A advogada Gloria M. Ballason recebeu uma ordem judicial interina pela Alta Corte do Estado de Kaduna em Kaduna, Nigéria, em 15 de janeiro de 2020, que proíbe o governo de prendê-la. Essa ordem veio depois que Ballason apresentou uma moção por seus “direitos fundamentais” – incluindo liberdade de expressão e dignidade humana – sob a Ordem IV, Regra 4 da Constituição.

Esta ordem provisória é a segunda do tipo emitida contra sua prisão.

Foto de Gloria M. Ballason, advogada de direitos humanos, cortesia de Gloria M. Ballason.

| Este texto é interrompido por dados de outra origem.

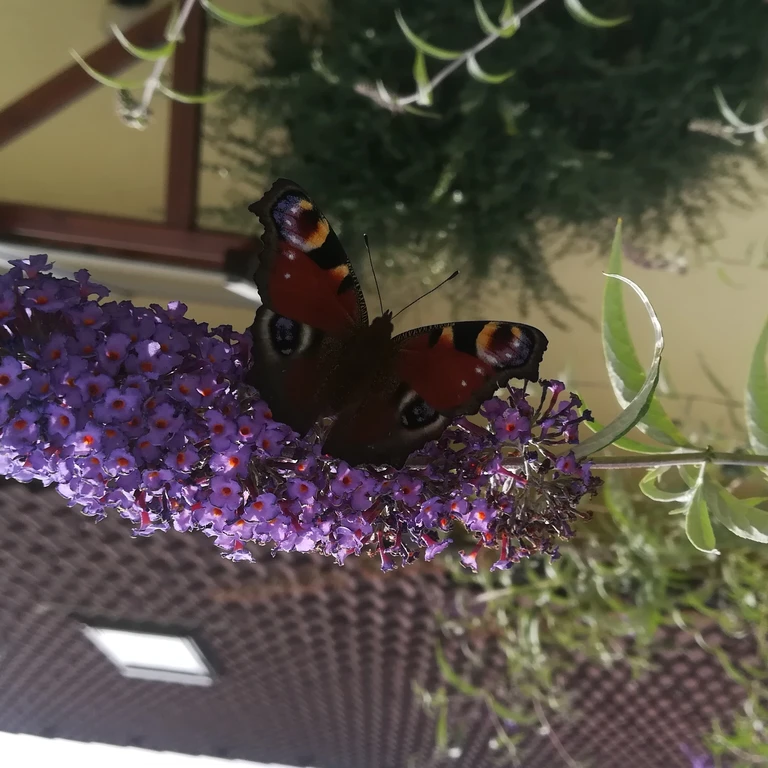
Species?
Aglais io
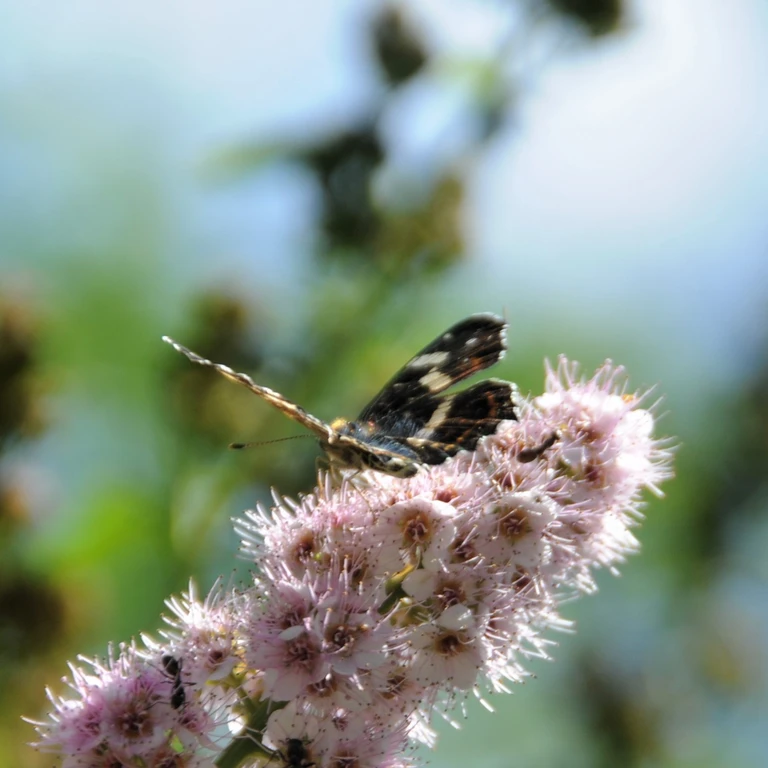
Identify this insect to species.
Araschnia levana
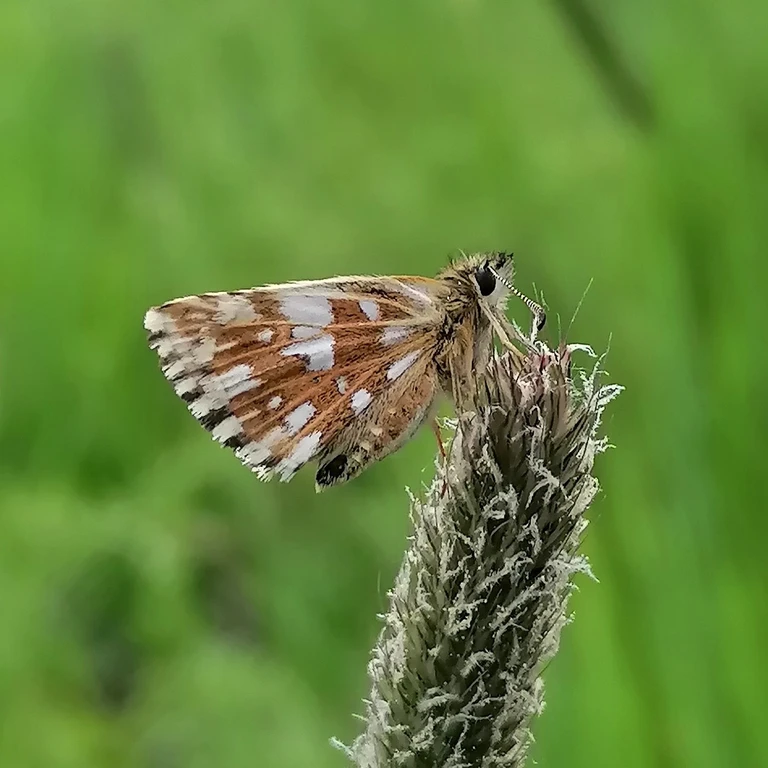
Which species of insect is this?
Pyrgus malvae
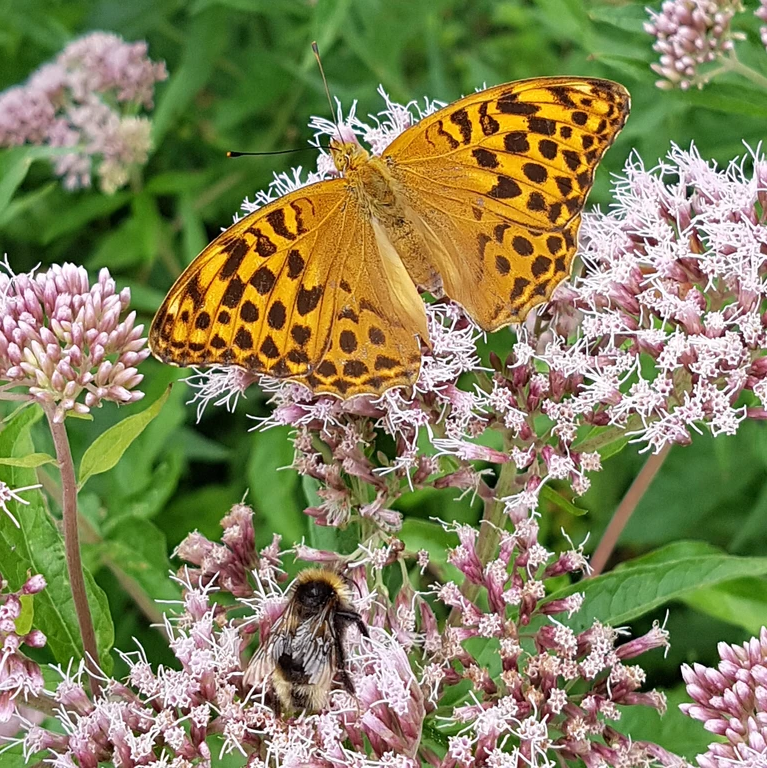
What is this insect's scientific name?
Argynnis paphia

Ballason é o principal parceiro da Mive Legals no estado de Kaduna, com foco em direitos humanos. Ela também é colunista e diretora executiva da “Casa da Justiça”, um programa de rádio sobre direitos humanos, que escreveu artigos críticos ao governo do estado de Kaduna.

Ballason tem sofrido intimidação e assédio contínuos pelo governador do estado de Kaduna Nasir El-Rufai e seu governo, em meio a uma crescente repressão à liberdade de expressão e dissidência na Nigéria.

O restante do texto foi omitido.